Evaluation of the normalization of image brightness among the analysis-ready images relative to the original images. The low variance in median intensity over each (R, G, B) color channel of the analysis-ready images indicates that their brightness is normalized. This is in comparison to the high variance in the intensity of the original images.

Standardization of spatial footprint among analysis-ready images was validated by comparing their footprint size on the seafloor (in square meters) relative to the raw images. The footprints sizes were determined based on automatically detected laser points9, and further verified through manual inspection. Figure 6 shows that the variance in spatial footprint sizes among raw images was high (0.5) compared to the variance among the analysis-ready images (0.0005).

Fig. 6
figure 6

Evaluation of the standardization in spatial footprint among analysis-ready images relative to the original images. The high variance in the spatial footprints among original images implies that scientific information extracted from them cannot be semantically compared. On the other hand, the standardized spatial footprint among the analysis-ready images renders them useful e.g., as sampling units. Note the reduction in footprint size in the analysis-ready images as a result of center cropping.

Usage Notes

The results from the technical validation show that the analysis-ready images that we provide are directly usable for scientific analysis. Below, we describe a few examples of potential use cases.

Seafloor substrate classification

This involves partitioning the seabed into a finite number of semantic seafloor habitat categories classes based on the interpretation of visual features extracted from the images. The classification can be achieved either by inviting domain experts to manually inspect and annotate each image with a habitat class, or by deploying a trained machine learning model.
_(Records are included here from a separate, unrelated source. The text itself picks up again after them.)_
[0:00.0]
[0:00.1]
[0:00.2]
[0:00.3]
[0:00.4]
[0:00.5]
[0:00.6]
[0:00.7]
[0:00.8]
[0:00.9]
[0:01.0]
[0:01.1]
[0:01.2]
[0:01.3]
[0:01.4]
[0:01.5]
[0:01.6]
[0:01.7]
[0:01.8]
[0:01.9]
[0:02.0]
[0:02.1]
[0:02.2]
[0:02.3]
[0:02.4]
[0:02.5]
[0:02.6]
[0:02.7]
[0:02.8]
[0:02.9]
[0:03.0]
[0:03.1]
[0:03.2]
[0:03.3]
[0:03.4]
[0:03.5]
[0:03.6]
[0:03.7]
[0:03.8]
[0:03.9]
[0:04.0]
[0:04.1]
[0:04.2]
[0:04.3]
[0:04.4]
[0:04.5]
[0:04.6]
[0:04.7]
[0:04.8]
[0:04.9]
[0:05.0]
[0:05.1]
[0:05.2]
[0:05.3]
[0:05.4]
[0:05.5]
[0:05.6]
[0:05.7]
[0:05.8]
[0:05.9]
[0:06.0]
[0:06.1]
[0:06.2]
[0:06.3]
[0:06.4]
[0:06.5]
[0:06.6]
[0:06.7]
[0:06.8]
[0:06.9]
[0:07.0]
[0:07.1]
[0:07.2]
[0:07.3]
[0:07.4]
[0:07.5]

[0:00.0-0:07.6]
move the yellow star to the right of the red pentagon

The analysis-ready images are suitable for both of these approaches. On the one hand, the images can be uploaded to an annotation platform such as BIIGLE11, which has an intuitive web-based user interface that allows a team of annotators to seamlessly collaborate in assigning habitat labels to the images based on standardized annotation protocols16. Alternatively, a few example images can be annotated and used to train a machine learning model e.g., a random forest classifier. This trained classifier can then be used to automatically label the rest of the images, which is much more convenient and scalable compared to the purely manual approach. The results obtained from either of the approaches can then be used for domain-specific use cases e.g. to determine the type and density of Manganese-nodule coverage on the seafloor9,17, or validate acoustic-based seafloor substrate classification and mapping18.

Megabenthic fauna detection

Understanding abundance and spatial distribution of megabenthic fauna is key towards conservation and management of marine ecosystems. Optical images allow for non-invasive monitoring of megabenthic fauna which can potentially span wide geographic extents. The provided analysis-ready images are directly usable as comparable sampling units for megafaunal community assessment studies. This assessment can be done either through the conventional manual identification and counting approaches, or through automation approaches that use state-of-the art object detection models2,19.
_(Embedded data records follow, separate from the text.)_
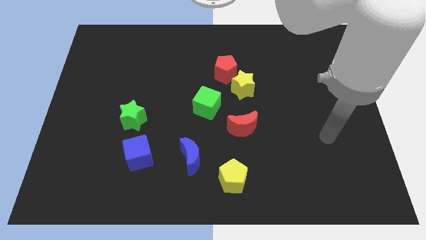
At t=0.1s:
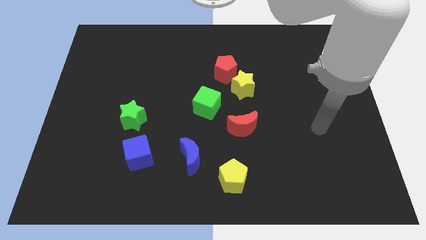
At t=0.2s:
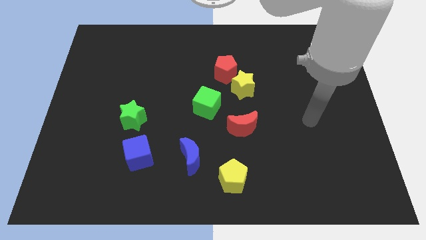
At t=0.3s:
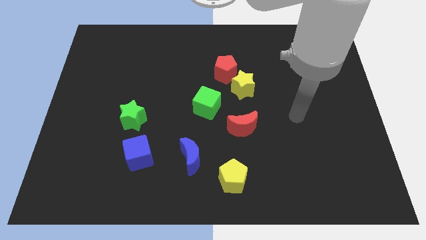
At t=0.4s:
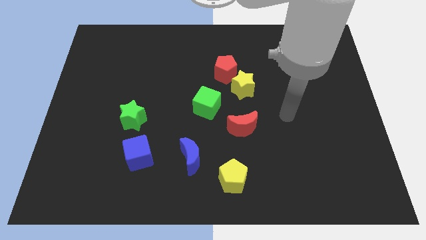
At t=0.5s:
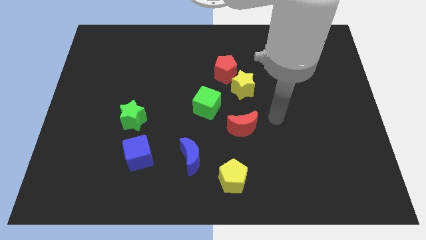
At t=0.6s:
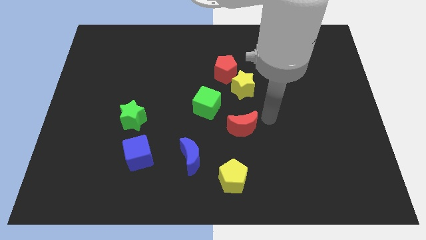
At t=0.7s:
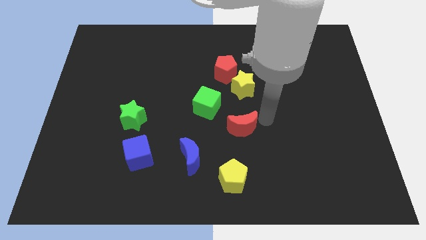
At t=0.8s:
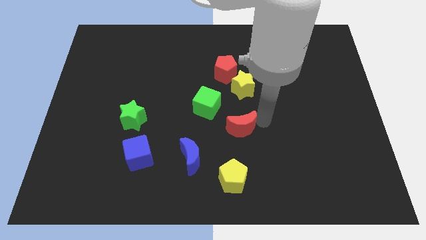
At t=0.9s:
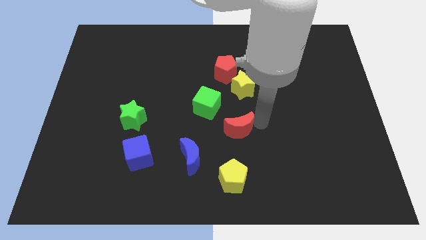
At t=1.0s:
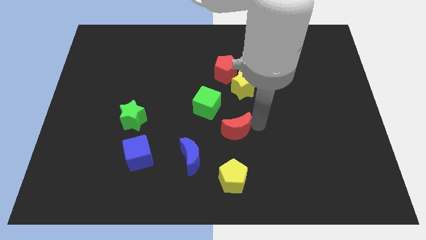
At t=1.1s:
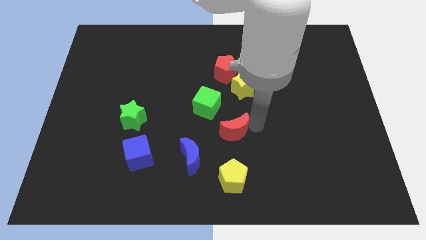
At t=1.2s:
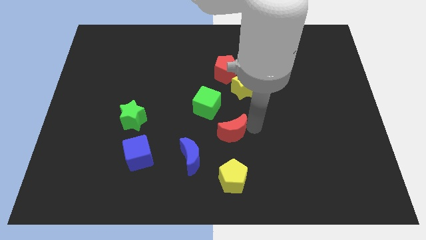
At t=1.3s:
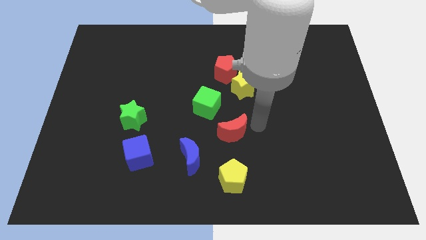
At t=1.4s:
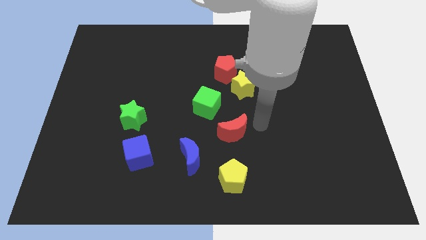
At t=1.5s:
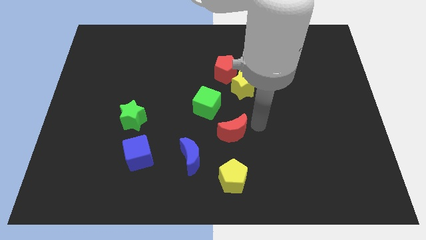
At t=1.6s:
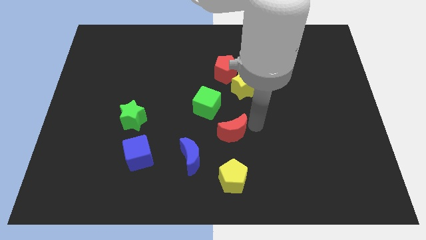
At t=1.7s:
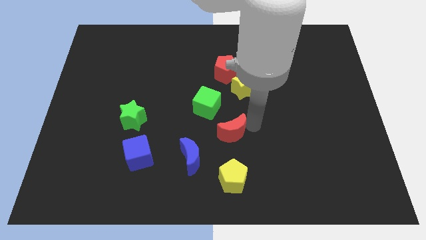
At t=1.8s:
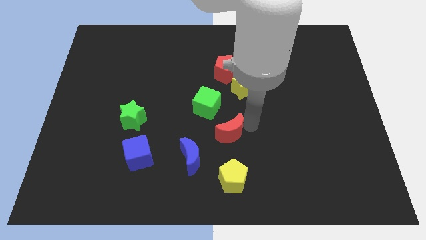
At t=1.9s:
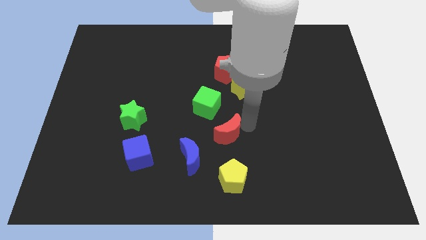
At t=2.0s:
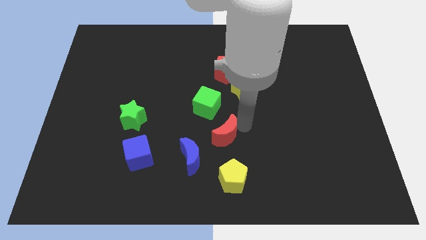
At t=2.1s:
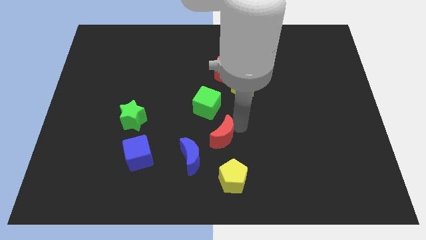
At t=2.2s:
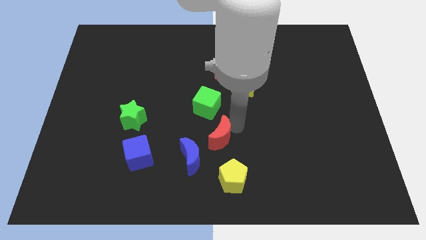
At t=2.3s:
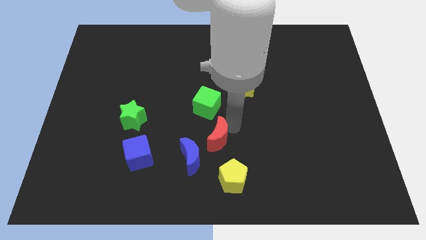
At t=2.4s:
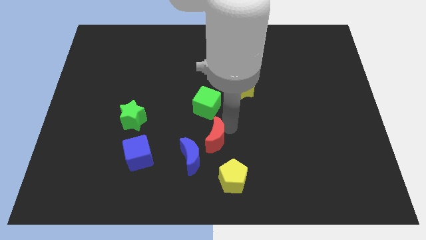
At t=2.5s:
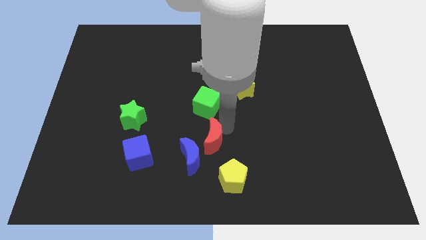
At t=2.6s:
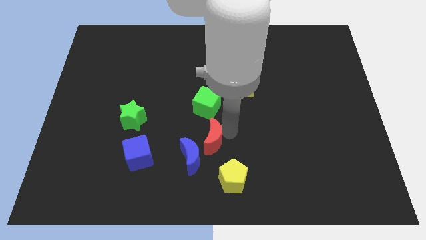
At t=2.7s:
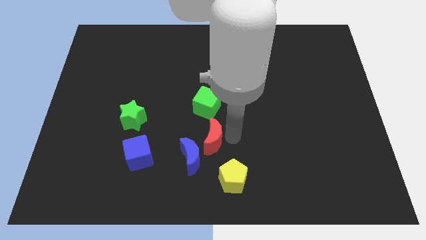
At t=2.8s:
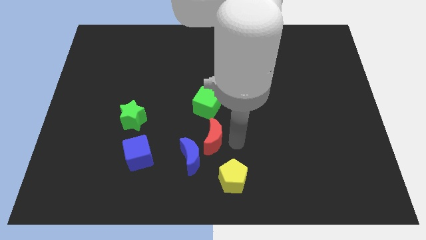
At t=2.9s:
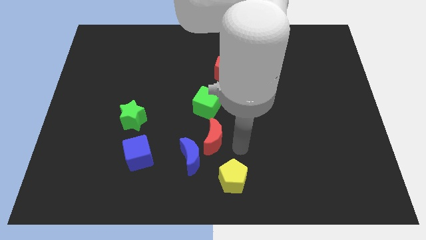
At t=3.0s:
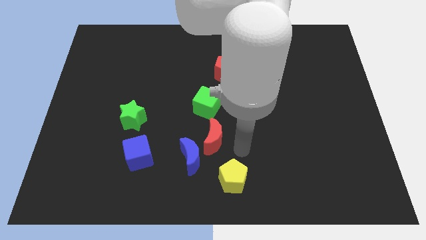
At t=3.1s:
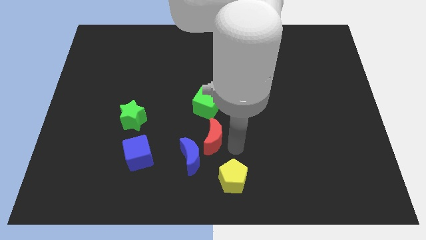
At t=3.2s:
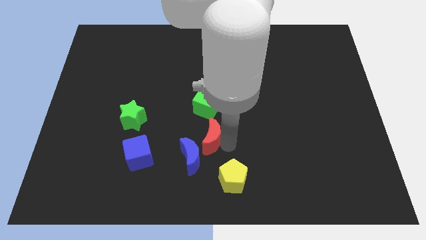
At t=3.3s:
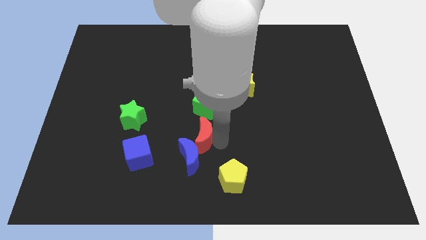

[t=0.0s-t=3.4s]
push the red moon somewhat left

Effect of sediment plume redeposition

Deep sea mining of marine resources e.g., polymetallic Manganese nodules has both economic and environmental implications. On the one hand, Mn-nodules contain significant concentrations of nickel, cobalt and copper, whose availability is needed for the energy transition from fossil fuels to low carbon emitting technologies20. On the other hand, the exploitation of these minerals involves large-scale dredging operations on the seabed, which re-suspends sediment into the near-bottom water. The subsequent redeposition of this sediment plume negatively affects the sensitive and slow growing fauna. The provided analysis-ready images contain survey tracks that were photographed before and after a sediment dredge experiment, and these could be used together with other sensor datasets to assess the spatial extent of this redeposition e.g. as was done by Peukert et al.21.